Hit first Refresh so that the Input Signal gets updated. In the part 2-microlocal frontier estimation, choose the Point to analyze by entering its index in the box facing it. The default is the point right at the middle of your signal. You may then choose the Discretization of the frontier, i.e. the number of values s' at which the corresponding s will be estimated. Be warned that this method can be quite lengthy, and that its time complexity is linear in the number of values of s'. The remaining part of the window deals with the type and presentation of the Results. First, decide if you wish to see an Example of estimation in the Graphs to be plotted part. As in the previous method, the algorithm works by detecting significant straight lines in a certain abstract space. Choosing Yes will let Fraclab display a graph in which you may want to check that a significant linear part is present (this linear part is materialized by a blue line, see reference (8) for details). Then, you need to decide if you want the algorithm to compute the local and pointwise exponents. In the Regularity exponents part, choose Yes or No to the right of Compute the exponents. If you choose No, you will only get the frontier, a signal called Graph_frt_sig#, which will be both saved in the Variables list and displayed on the screen (another signal is sent to the Variables list, frt_sig#, which contains only the s-values in the frontier). Graph_frt_sig# is really a graph structure: Graph_frt_sig#.data1 contains the s-values of the frontier, while Graph_frt_sig#.data2 contains the s'-values). On the display, the frontier appears as a set of small triangles connected by straight segments. In addition the two lines s' = -s and s' = 1 -s are plotted. This is because this estimation procedure is only valid for the part of the frontier between these two lines. In addition, displaying the second bisector helps locating the pointwise Hölder exponent.

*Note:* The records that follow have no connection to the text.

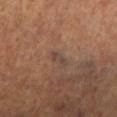No biopsy was performed on this lesion — it was imaged during a full skin examination and was not determined to be concerning.
The lesion-visualizer software estimated an average lesion color of about L≈39 a*≈16 b*≈22 (CIELAB) and about 6 CIELAB-L* units darker than the surrounding skin.
Longest diameter approximately 2.5 mm.
A female subject, aged approximately 65.
A region of skin cropped from a whole-body photographic capture, roughly 15 mm wide.
On the left lower leg.
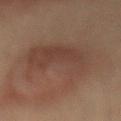Recorded during total-body skin imaging; not selected for excision or biopsy. A male subject aged around 55. Imaged with cross-polarized lighting. Located on the lower back. The recorded lesion diameter is about 10.5 mm. The lesion-visualizer software estimated a lesion area of about 37 mm², an outline eccentricity of about 0.75 (0 = round, 1 = elongated), and a shape-asymmetry score of about 0.35 (0 = symmetric). The analysis additionally found a lesion color around L≈33 a*≈14 b*≈21 in CIELAB and roughly 6 lightness units darker than nearby skin. It also reported a border-irregularity rating of about 6.5/10 and a within-lesion color-variation index near 3/10. The software also gave a classifier nevus-likeness of about 20/100 and a detector confidence of about 100 out of 100 that the crop contains a lesion. A 15 mm crop from a total-body photograph taken for skin-cancer surveillance.
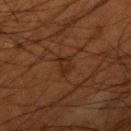Clinical impression: The lesion was tiled from a total-body skin photograph and was not biopsied. Clinical summary: A male subject, aged around 50. Automated image analysis of the tile measured an area of roughly 4 mm², an outline eccentricity of about 0.85 (0 = round, 1 = elongated), and two-axis asymmetry of about 0.3. The analysis additionally found a border-irregularity rating of about 3.5/10, a within-lesion color-variation index near 2.5/10, and a peripheral color-asymmetry measure near 1. It also reported lesion-presence confidence of about 95/100. The lesion is on the right upper arm. Cropped from a total-body skin-imaging series; the visible field is about 15 mm. Measured at roughly 3 mm in maximum diameter.

If you choose Yes for Compute the exponents, you'll get in addition the estimated values of the Pointwise exponent, as obtained with two slightly different methods, and of the Local exponent, which will appear in the boxes in front of the corresponding labels. Also, these values will be saved in the Variables list, under the names pw1Exp_sig#, pw2Exp_sig#, and locExp_sig# (these are 1x1 matrices). In this sub-menu, only one point is processed, and you get one value for each exponent.
Finally, since some computations are lengthy, you may decide to see the Waitbar on screen by choosing Yes in the lower part of the window.

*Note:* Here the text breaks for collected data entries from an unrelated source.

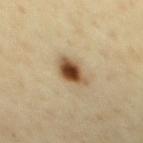<tbp_lesion>
  <biopsy_status>not biopsied; imaged during a skin examination</biopsy_status>
  <lesion_size>
    <long_diameter_mm_approx>3.5</long_diameter_mm_approx>
  </lesion_size>
  <site>chest</site>
  <lighting>cross-polarized</lighting>
  <image>
    <source>total-body photography crop</source>
    <field_of_view_mm>15</field_of_view_mm>
  </image>
  <automated_metrics>
    <area_mm2_approx>7.0</area_mm2_approx>
    <eccentricity>0.65</eccentricity>
    <shape_asymmetry>0.25</shape_asymmetry>
    <vs_skin_darker_L>19.0</vs_skin_darker_L>
    <vs_skin_contrast_norm>13.0</vs_skin_contrast_norm>
    <color_variation_0_10>6.0</color_variation_0_10>
    <peripheral_color_asymmetry>1.0</peripheral_color_asymmetry>
  </automated_metrics>
  <patient>
    <sex>male</sex>
    <age_approx>65</age_approx>
  </patient>
</tbp_lesion>
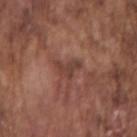– follow-up: catalogued during a skin exam; not biopsied
– patient: male, roughly 75 years of age
– size: ≈3 mm
– acquisition: ~15 mm crop, total-body skin-cancer survey
– location: the right upper arm

Basically, this is the same as above, except now you may perform estimation as several consecutive points of your original signal. The only difference are:
When the computations are over, three graphic windows appear on the screen: the two first ones display the pointwise exponents as estimated with two slightly different procedures, and the third one display the local Hölder function. In abscissa, you can check that the exponents were estimated between the Starting point of the analysis and Ending point of the analysis. In addition, four signals have been added to the Variables list: Frt_sig# are the estimated frontiers are each analyzed point. Pw1Exp_sig# and Pw2Exp_sig# are the pointwise Hölder functions, and LocExp_sig# is the estimated local one.
In the first oscillation-based method for estimating 2 microlocal exponents, the # in the lend_sig# output does not increment. Thus you need to be careful and rename this signal if you plan to use it afterwards. Also, the currently highlighted signal in the Variables window is lend_sig# after the computation is completed. Thus you'll find that your newly estimated frontiers are at the bottom of the list as usual, while your selection will be located above them.
In the second oscillation-based method for estimating 2 microlocal exponents, the # in all output signals does not always increment. The same remarks apply. In addition, in the case of estimation at multiple points, only the s-values are saved in the frontiers. This is not very convenient. However, you will generally want to estimate frontiers at single points. Otherwise, use the first method Oscillation based (1) that does not have this drawback.